TASK STATEMENT: Keep the images out and copy every entry below exactly.

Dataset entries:
────────────────────

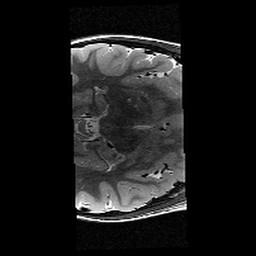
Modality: T2w
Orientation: axial
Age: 10
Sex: male
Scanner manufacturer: siemens
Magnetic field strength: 3 T
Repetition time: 9.23 s
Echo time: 0.067 s
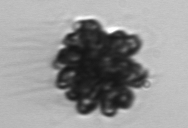
Label: Corymbellus
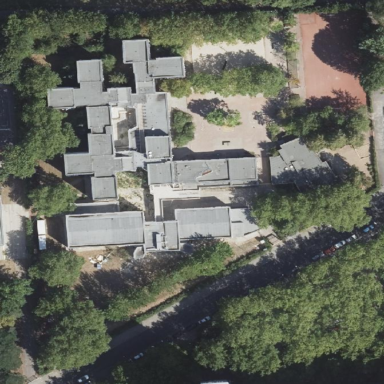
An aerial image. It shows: School.
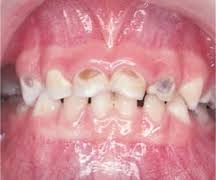
Condition: Caries
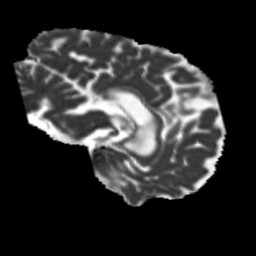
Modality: MD
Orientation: sagittal
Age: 51
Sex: male
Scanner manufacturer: siemens
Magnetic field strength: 3 T
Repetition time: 5.25 s
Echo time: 0.08 s
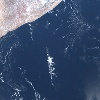
Label: water
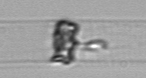
Label: Dactyliosolen_blavyanus
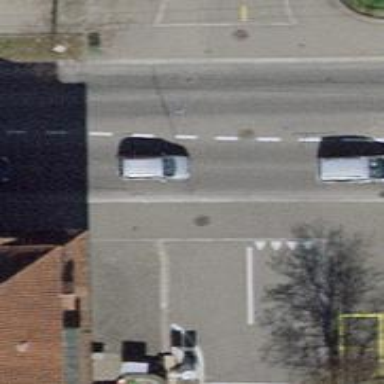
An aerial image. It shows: Asphalt road in living street.
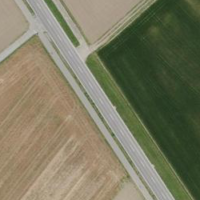
EUNIS habitat code: 52
Species observed at this site:
Fagopyrum esculentum
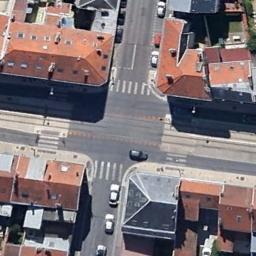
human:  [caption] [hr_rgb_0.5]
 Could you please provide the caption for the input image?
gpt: There are several moving vehicles on the road at the intersection, And there are many houses with orange roofs around the intersection .

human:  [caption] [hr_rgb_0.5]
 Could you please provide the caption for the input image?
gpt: There are many traffic signs at this intersection, And many red and gray houses are built around the intersection .

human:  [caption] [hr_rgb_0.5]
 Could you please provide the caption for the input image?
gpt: An intersection with sparse traffic is between some dense buildings .

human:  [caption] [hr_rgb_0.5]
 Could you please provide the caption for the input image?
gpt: There are some brown buildings and gray buildings beside the intersection .

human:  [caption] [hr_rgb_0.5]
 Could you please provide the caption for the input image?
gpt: There are many buildings beside the intersection .
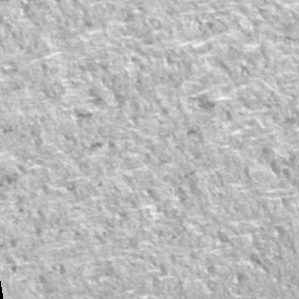
Label: frost
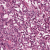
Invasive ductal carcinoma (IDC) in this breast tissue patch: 1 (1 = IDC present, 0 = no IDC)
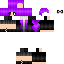
A female human skin with dark skin, wearing black long hair dressed in a purple hoodie and black pants, featuring a closed mouth.
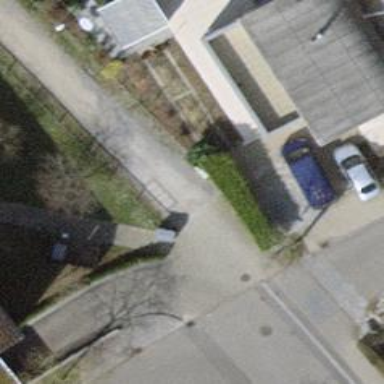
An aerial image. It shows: Street cabinet.

────────────────────

RESPONSE AREA:
Modality: T2w
Orientation: axial
Age: 10
Sex: male
Scanner manufacturer: siemens
Magnetic field strength: 3 T
Repetition time: 9.23 s
Echo time: 0.067 s
Label: Corymbellus
An aerial image. It shows: School.
Condition: Caries
Modality: MD
Orientation: sagittal
Age: 51
Sex: male
Scanner manufacturer: siemens
Magnetic field strength: 3 T
Repetition time: 5.25 s
Echo time: 0.08 s
Label: water
Label: Dactyliosolen_blavyanus
An aerial image. It shows: Asphalt road in living street.
EUNIS habitat code: 52
Species observed at this site:
Fagopyrum esculentum
human:  [caption] [hr_rgb_0.5]
 Could you please provide the caption for the input image?
gpt: There are several moving vehicles on the road at the intersection, And there are many houses with orange roofs around the intersection .

human:  [caption] [hr_rgb_0.5]
 Could you please provide the caption for the input image?
gpt: There are many traffic signs at this intersection, And many red and gray houses are built around the intersection .

human:  [caption] [hr_rgb_0.5]
 Could you please provide the caption for the input image?
gpt: An intersection with sparse traffic is between some dense buildings .

human:  [caption] [hr_rgb_0.5]
 Could you please provide the caption for the input image?
gpt: There are some brown buildings and gray buildings beside the intersection .

human:  [caption] [hr_rgb_0.5]
 Could you please provide the caption for the input image?
gpt: There are many buildings beside the intersection .
Label: frost
Invasive ductal carcinoma (IDC) in this breast tissue patch: 1 (1 = IDC present, 0 = no IDC)
A female human skin with dark skin, wearing black long hair dressed in a purple hoodie and black pants, featuring a closed mouth.
An aerial image. It shows: Street cabinet.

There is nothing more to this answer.